Task description
Pick out the lines below with "step" and list them.

The data
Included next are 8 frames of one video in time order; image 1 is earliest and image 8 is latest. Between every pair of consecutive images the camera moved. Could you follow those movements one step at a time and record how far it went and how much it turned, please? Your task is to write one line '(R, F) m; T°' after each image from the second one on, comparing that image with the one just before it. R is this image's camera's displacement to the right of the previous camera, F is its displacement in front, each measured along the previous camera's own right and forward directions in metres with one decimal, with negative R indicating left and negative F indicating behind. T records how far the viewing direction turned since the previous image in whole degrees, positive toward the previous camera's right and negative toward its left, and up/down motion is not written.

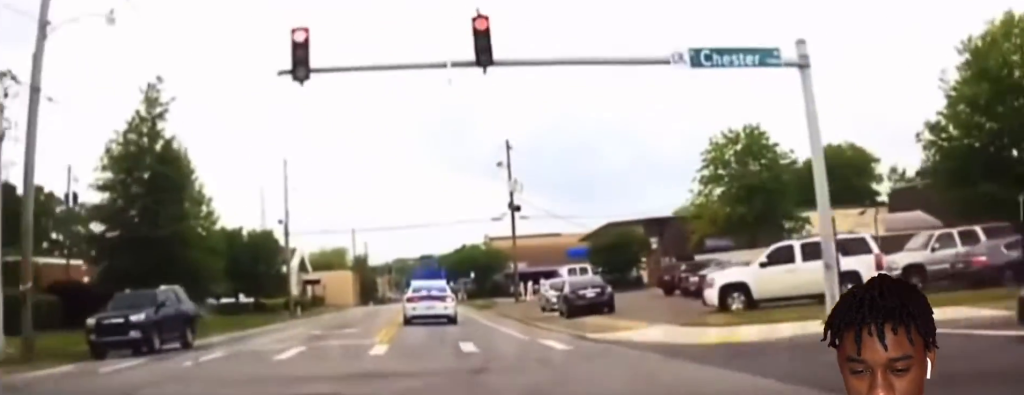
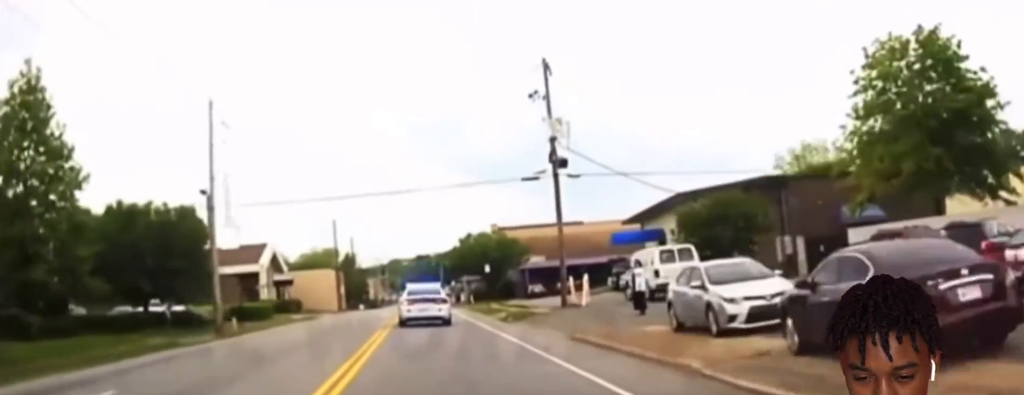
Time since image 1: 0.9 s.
==
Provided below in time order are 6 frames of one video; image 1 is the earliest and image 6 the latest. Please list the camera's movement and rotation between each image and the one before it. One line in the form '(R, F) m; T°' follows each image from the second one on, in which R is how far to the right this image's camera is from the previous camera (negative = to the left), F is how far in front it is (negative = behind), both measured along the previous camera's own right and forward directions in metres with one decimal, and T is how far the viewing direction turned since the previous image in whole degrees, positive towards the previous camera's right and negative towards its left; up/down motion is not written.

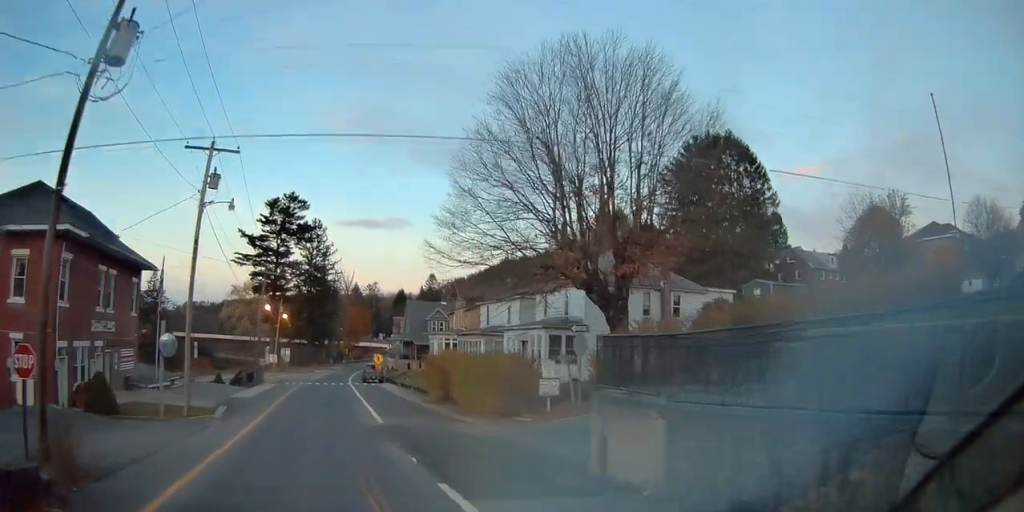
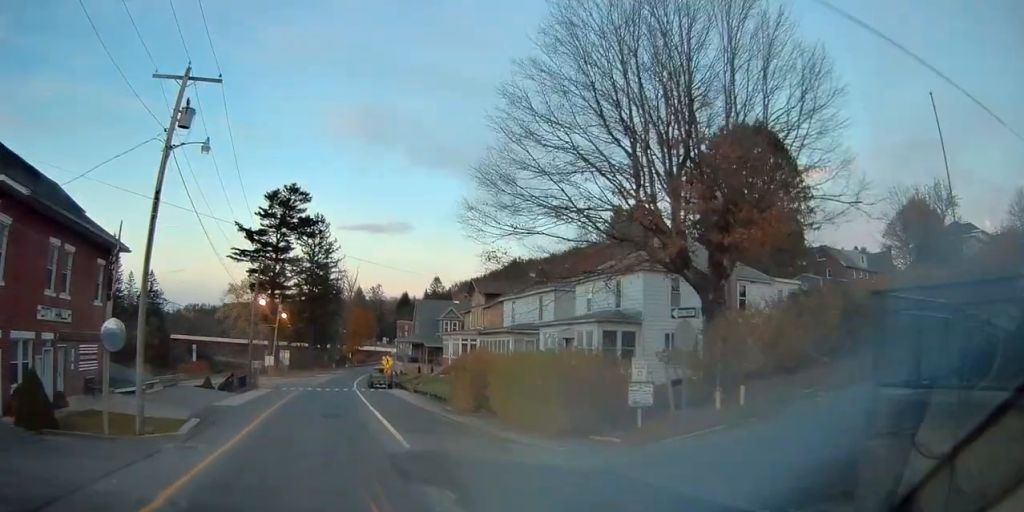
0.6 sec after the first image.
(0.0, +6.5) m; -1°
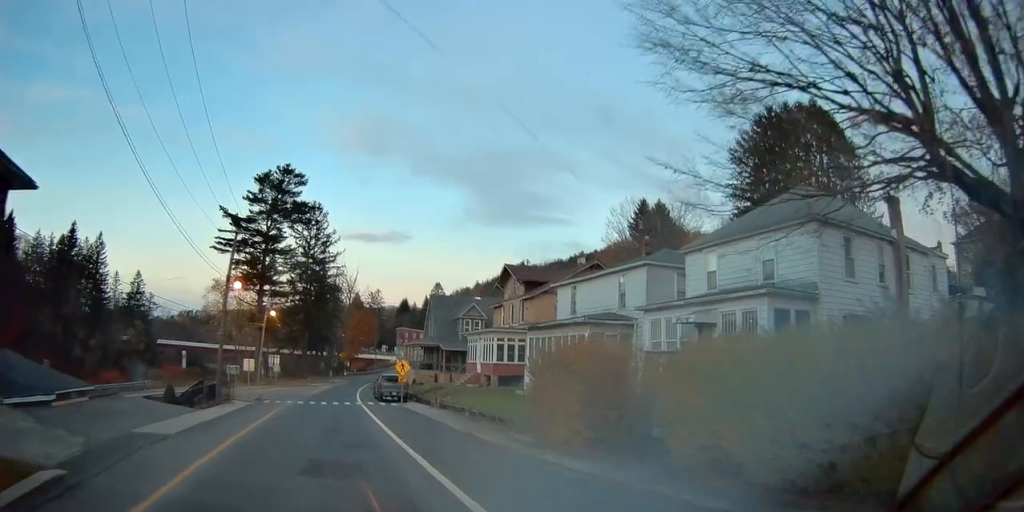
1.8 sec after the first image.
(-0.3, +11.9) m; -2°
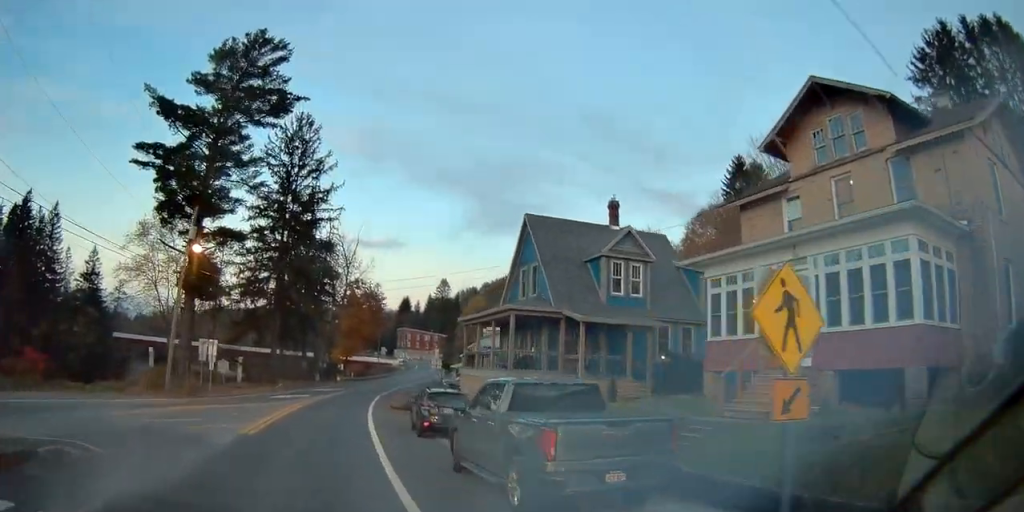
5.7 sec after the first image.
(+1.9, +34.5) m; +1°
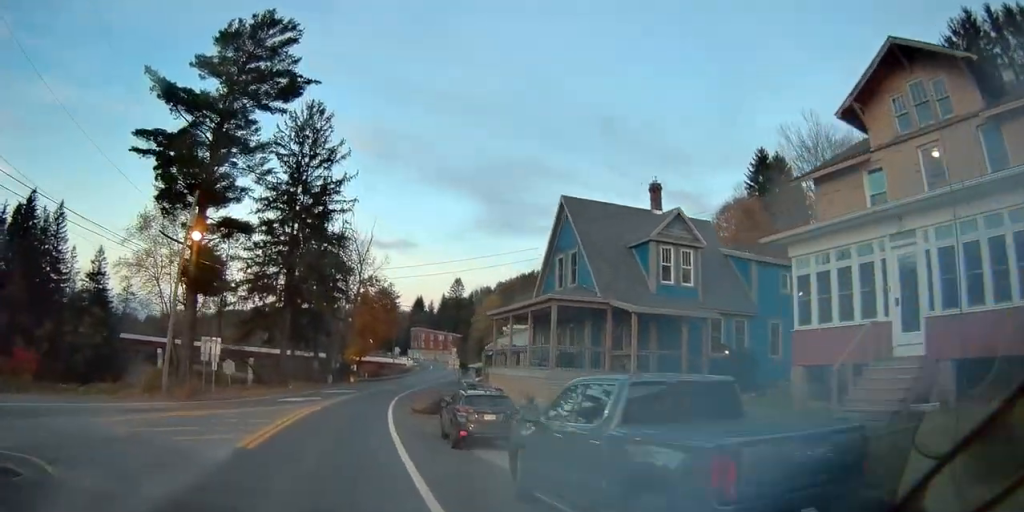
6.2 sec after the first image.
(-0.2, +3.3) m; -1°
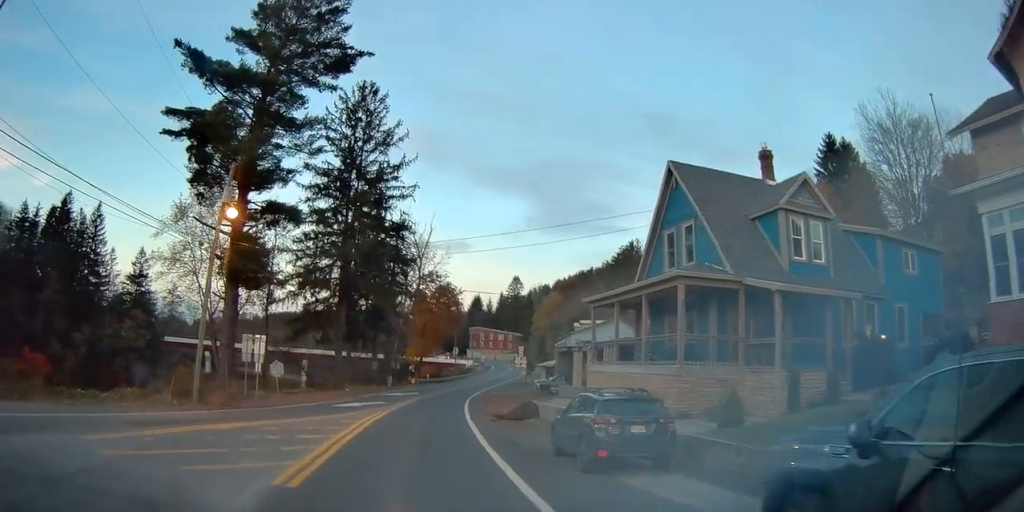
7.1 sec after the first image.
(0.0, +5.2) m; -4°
==
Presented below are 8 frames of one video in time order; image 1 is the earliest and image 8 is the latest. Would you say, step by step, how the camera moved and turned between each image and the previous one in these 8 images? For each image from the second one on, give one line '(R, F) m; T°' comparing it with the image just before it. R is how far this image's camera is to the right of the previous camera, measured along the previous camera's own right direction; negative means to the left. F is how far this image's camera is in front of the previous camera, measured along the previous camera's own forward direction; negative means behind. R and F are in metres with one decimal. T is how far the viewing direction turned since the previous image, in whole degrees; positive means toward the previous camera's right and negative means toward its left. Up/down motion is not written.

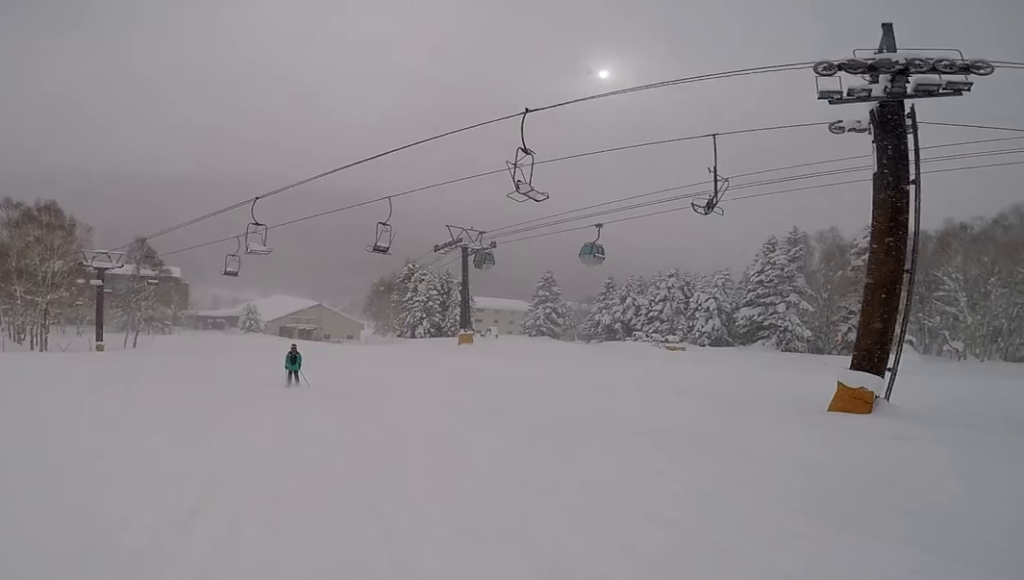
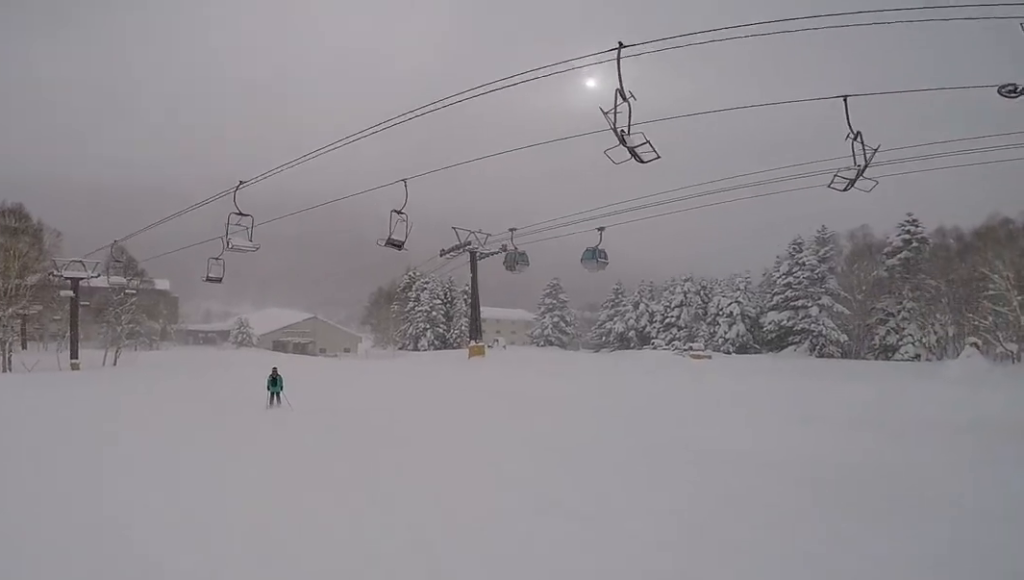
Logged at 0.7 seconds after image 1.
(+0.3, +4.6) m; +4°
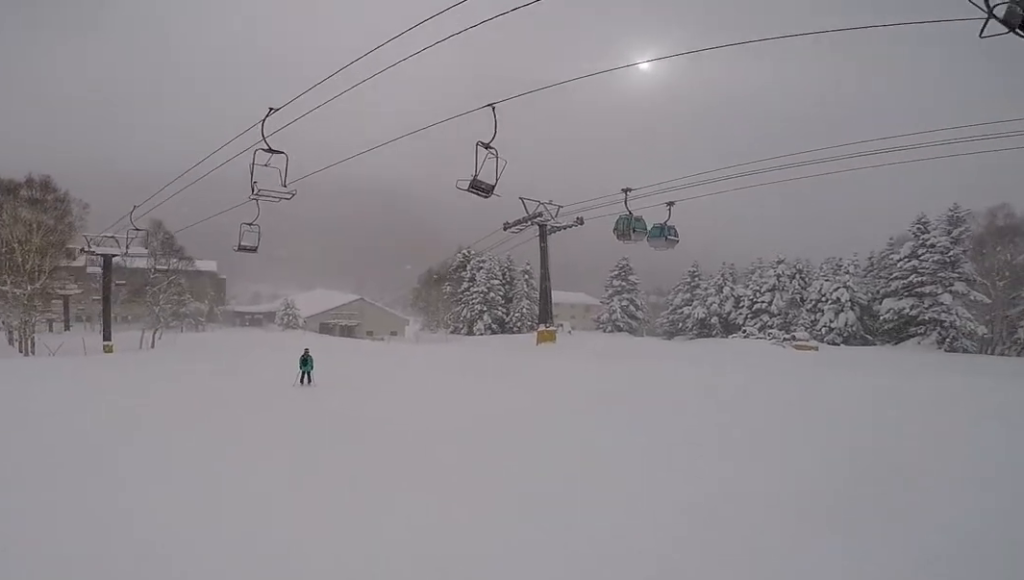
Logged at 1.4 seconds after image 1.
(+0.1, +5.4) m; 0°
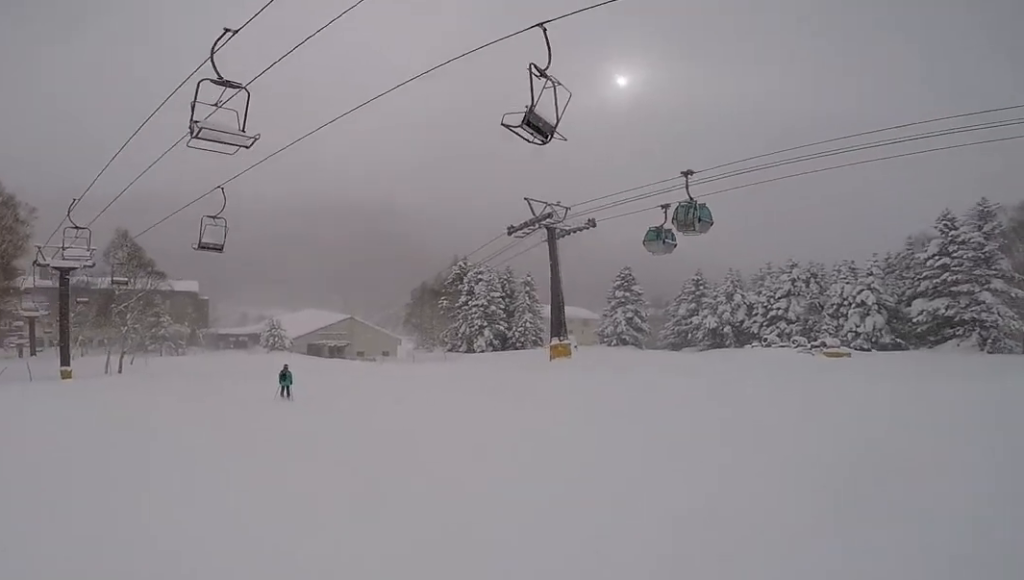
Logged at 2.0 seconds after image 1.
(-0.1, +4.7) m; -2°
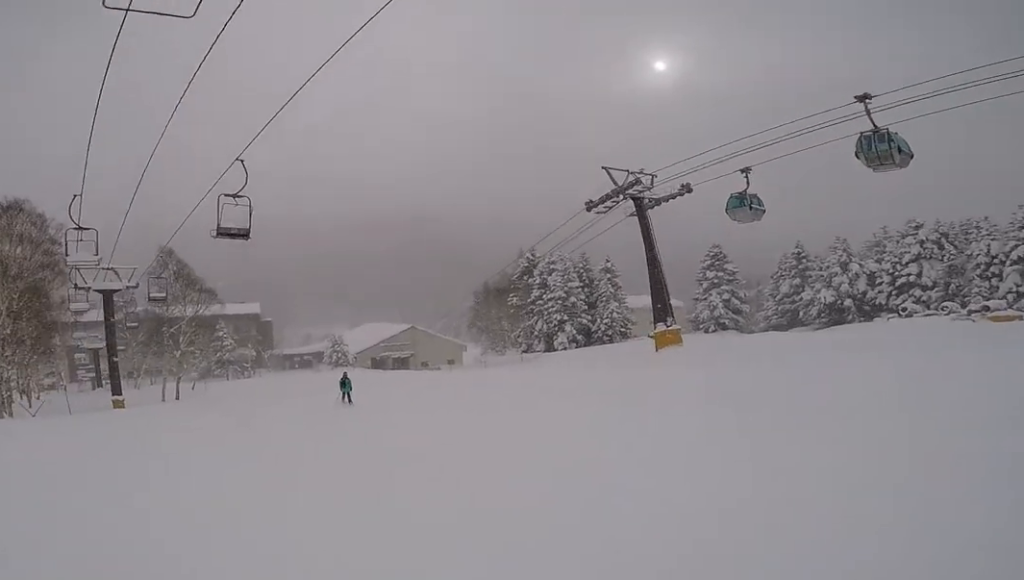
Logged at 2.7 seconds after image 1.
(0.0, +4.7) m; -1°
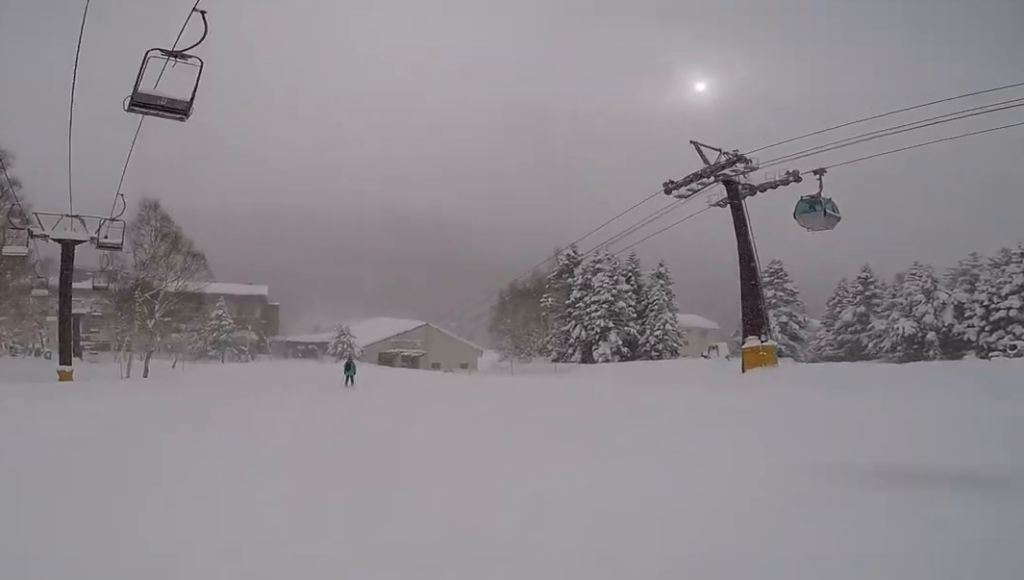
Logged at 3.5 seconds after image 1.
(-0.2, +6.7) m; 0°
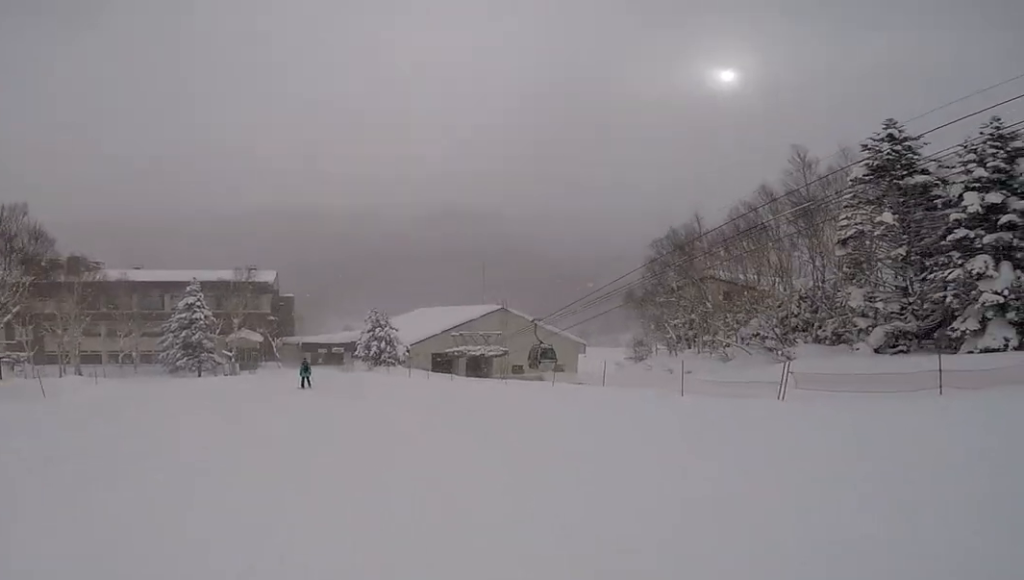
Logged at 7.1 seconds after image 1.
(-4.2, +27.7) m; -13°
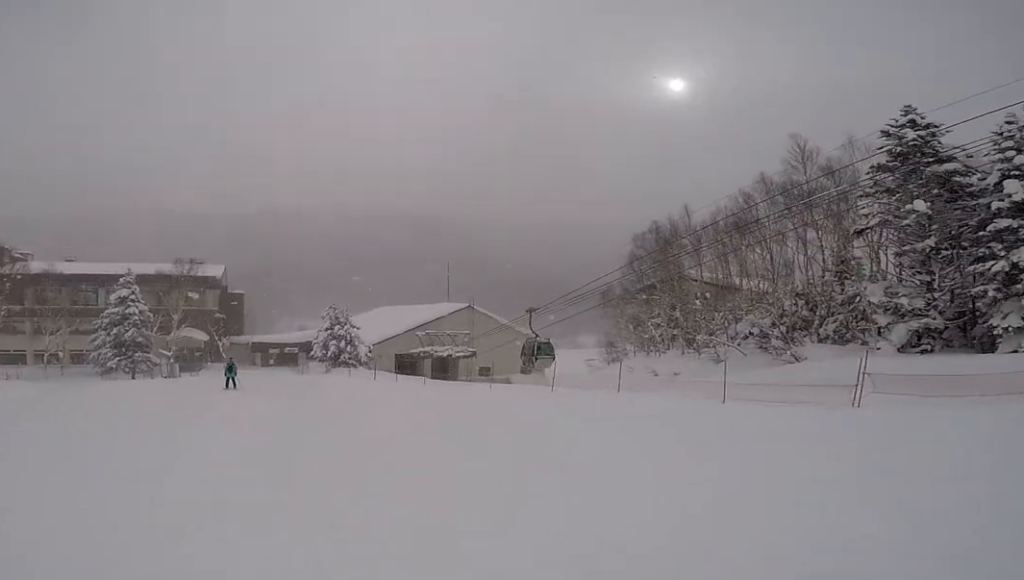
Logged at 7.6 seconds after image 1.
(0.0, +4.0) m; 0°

Result of this exercise
Included next are 8 frames of one video in time order; image 1 is earliest and image 8 is latest. Between every pair of consecutive images the camera moved. Could you follow those movements one step at a time and record how far it went and how much it turned, please? Your task is to write one line '(R, F) m; T°' after each image from the second one on, comparing that image with the one just before it. R is this image's camera's displacement to the right of the previous camera, F is its displacement in front, each measured along the previous camera's own right and forward directions in metres with one decimal, with negative R indicating left and negative F indicating behind. T records how far the viewing direction turned since the previous image in whole degrees, positive toward the previous camera's right and negative toward its left, and up/down motion is not written.
Presented below are 8 frames of one video in time order; image 1 is the earliest and image 8 is the latest. Would you say, step by step, how the camera moved and turned between each image and the previous one in these 8 images? For each image from the second one on, give one line '(R, F) m; T°' comparing it with the image just before it. R is how far this image's camera is to the right of the previous camera, measured along the previous camera's own right direction; negative means to the left. F is how far this image's camera is in front of the previous camera, measured along the previous camera's own forward direction; negative means behind. R and F are in metres with one decimal. T is how far the viewing direction turned since the previous image, in whole degrees; positive means toward the previous camera's right and negative means toward its left. Up/down motion is not written.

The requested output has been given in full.